**** INFORMATION SUPPLIED
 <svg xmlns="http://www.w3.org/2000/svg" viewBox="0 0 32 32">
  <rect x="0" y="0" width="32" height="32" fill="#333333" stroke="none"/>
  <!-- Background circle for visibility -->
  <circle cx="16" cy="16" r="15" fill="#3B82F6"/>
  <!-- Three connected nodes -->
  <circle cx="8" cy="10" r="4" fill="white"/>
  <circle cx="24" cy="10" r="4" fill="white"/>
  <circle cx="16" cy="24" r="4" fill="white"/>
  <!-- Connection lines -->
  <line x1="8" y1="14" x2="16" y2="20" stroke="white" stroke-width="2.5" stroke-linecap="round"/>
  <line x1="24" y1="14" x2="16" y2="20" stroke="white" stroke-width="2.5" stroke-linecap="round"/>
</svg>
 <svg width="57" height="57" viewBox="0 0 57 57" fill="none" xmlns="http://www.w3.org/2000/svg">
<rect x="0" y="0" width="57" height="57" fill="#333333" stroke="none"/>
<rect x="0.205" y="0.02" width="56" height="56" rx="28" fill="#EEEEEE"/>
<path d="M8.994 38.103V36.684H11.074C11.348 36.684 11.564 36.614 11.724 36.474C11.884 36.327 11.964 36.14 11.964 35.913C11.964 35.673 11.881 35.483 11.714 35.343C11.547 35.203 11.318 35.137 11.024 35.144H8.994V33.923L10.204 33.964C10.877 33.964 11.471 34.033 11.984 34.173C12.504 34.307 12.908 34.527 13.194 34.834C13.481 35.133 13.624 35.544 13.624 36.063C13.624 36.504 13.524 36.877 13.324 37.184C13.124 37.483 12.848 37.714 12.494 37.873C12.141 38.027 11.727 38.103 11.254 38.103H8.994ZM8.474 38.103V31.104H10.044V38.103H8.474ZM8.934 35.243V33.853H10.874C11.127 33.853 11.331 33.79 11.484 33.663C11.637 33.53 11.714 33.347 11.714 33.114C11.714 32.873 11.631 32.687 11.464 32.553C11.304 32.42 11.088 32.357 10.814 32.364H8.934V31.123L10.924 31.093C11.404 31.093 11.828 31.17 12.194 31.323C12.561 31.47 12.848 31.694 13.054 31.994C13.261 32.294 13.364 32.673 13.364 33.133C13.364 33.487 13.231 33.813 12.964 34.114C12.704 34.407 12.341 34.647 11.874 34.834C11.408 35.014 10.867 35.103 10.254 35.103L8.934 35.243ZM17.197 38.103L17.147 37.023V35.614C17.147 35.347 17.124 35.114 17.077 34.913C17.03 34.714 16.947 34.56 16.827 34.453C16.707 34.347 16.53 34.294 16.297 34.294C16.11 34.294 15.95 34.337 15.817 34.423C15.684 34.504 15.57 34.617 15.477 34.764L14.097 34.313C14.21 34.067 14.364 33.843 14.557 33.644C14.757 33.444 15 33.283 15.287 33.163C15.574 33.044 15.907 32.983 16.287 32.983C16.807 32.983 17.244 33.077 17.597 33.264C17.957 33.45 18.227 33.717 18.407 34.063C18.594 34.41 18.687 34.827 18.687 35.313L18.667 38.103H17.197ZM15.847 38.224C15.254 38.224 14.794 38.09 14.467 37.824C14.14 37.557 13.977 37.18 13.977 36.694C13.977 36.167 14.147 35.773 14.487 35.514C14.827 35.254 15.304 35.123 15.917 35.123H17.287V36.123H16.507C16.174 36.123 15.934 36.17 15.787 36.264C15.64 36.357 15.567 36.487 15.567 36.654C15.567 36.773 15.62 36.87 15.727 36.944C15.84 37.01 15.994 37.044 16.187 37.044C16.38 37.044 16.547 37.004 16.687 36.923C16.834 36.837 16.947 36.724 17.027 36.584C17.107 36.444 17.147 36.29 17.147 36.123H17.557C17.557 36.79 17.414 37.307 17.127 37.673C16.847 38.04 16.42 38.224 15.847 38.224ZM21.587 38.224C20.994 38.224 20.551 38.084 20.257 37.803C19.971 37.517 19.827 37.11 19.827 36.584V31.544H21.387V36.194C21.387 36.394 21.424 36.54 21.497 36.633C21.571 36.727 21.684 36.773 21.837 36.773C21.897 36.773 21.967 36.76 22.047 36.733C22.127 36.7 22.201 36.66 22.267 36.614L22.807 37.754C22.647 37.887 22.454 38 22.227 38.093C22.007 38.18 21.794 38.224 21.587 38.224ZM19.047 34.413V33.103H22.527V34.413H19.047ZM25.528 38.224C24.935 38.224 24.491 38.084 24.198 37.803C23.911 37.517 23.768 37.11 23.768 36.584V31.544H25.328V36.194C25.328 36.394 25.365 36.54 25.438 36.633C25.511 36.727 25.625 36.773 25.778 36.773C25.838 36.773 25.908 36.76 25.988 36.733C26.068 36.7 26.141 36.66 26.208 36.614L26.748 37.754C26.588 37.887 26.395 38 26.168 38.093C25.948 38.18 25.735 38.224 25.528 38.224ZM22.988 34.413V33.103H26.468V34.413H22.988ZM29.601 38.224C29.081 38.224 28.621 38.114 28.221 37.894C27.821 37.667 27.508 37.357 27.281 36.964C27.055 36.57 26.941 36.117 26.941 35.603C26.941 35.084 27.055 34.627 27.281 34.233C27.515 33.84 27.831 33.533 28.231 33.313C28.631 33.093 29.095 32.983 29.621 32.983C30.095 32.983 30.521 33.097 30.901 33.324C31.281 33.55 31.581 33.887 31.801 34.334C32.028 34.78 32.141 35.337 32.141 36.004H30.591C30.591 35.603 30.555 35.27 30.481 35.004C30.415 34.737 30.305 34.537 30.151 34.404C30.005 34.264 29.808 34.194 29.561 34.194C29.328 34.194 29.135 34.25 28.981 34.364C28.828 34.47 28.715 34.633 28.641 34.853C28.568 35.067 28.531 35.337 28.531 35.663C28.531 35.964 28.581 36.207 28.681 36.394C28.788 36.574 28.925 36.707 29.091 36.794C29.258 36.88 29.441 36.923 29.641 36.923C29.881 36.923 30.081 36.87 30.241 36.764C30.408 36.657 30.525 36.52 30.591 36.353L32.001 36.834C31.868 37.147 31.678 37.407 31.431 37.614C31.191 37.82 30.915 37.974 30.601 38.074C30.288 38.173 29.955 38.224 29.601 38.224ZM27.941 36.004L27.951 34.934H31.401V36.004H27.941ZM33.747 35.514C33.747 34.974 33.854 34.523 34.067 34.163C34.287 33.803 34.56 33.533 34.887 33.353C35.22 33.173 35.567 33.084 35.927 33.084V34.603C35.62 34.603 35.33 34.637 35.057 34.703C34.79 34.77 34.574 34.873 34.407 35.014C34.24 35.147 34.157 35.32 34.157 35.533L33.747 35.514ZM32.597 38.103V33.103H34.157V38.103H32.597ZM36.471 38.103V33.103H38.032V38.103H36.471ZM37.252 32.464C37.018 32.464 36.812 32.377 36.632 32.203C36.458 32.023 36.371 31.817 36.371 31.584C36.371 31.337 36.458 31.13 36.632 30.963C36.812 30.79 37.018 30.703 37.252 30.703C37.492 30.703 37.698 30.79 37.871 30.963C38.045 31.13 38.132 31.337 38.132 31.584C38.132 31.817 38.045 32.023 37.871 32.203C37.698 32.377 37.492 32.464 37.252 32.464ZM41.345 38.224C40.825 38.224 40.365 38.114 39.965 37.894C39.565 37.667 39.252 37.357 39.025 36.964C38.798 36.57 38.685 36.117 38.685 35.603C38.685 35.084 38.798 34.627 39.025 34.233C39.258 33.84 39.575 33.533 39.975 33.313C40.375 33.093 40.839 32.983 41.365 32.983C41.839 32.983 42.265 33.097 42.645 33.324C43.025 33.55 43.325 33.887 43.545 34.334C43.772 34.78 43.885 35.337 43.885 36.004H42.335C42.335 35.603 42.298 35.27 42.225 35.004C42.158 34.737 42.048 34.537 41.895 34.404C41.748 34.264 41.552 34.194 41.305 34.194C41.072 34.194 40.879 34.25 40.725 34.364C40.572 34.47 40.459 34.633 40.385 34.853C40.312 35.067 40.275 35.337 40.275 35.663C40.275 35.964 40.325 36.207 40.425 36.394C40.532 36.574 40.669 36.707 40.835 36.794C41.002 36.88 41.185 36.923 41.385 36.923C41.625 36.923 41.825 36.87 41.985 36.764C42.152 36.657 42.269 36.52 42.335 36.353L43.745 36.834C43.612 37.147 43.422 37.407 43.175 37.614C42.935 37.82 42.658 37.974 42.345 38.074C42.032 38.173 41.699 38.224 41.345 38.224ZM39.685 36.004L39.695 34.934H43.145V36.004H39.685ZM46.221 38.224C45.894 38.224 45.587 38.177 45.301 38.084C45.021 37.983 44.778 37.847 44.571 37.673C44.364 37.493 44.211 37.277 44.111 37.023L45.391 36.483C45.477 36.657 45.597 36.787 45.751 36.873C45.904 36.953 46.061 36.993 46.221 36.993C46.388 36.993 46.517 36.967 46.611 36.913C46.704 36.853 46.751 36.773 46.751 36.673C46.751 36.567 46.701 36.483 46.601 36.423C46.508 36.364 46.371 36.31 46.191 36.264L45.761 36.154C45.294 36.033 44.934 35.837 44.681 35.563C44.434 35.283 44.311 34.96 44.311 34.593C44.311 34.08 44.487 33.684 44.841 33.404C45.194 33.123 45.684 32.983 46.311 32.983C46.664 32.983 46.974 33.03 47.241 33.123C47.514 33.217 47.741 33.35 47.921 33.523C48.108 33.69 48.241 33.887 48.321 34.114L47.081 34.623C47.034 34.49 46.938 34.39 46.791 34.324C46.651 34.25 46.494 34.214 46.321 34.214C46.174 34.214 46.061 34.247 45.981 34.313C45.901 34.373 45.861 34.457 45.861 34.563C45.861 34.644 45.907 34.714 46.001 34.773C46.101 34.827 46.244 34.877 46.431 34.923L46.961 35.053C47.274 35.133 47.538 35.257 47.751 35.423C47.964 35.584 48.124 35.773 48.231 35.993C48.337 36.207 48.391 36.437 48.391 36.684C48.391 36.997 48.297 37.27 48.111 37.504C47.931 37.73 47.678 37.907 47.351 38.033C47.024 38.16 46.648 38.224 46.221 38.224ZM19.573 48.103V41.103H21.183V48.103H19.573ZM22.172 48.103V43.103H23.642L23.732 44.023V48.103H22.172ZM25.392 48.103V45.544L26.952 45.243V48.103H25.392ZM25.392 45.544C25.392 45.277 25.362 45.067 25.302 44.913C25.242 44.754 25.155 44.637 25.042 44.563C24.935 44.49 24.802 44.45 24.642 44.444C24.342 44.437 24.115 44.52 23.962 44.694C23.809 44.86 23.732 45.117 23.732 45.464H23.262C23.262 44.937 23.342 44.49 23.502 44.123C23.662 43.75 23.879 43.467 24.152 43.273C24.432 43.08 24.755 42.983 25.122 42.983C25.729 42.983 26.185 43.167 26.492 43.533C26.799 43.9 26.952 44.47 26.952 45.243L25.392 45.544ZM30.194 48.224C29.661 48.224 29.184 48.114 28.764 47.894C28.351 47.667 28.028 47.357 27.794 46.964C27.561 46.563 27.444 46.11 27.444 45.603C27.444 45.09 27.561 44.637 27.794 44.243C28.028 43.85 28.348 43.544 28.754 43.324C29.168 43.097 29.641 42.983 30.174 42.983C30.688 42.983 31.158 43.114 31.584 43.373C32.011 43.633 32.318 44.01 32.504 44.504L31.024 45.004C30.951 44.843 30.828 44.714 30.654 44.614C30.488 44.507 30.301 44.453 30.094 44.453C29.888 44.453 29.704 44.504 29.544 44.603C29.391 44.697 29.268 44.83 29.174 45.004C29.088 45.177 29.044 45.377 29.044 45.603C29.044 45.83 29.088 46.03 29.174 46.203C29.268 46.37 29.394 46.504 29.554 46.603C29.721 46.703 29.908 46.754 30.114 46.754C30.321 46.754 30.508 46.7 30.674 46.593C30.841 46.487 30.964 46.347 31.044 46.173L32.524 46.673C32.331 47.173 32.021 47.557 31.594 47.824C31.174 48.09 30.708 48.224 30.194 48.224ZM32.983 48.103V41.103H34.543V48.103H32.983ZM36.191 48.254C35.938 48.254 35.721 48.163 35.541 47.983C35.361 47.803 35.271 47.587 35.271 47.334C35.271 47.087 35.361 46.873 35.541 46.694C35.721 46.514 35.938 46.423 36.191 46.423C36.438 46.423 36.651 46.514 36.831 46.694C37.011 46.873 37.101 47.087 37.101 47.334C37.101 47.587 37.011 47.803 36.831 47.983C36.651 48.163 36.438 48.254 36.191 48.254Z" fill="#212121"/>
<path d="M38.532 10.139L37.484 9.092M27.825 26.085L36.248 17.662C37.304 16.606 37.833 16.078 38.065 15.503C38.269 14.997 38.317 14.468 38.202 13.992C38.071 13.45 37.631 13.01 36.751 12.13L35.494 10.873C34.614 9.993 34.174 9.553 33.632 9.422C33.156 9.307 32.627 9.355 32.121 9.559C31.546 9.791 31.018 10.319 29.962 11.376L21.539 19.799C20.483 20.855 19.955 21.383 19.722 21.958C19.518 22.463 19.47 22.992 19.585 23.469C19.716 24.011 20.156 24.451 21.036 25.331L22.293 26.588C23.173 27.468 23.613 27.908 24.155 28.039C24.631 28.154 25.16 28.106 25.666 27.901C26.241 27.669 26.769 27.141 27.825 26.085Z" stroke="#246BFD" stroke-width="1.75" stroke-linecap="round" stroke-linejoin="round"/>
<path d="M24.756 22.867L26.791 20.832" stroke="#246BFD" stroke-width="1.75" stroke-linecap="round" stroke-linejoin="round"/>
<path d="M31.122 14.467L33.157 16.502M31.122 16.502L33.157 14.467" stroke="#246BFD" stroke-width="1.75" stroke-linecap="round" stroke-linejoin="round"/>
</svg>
********
## WHAT IS NEEDED
Show the lines above with "http".

## THE ANSWER
 <svg xmlns="http://www.w3.org/2000/svg" viewBox="0 0 32 32">
 <svg width="57" height="57" viewBox="0 0 57 57" fill="none" xmlns="http://www.w3.org/2000/svg">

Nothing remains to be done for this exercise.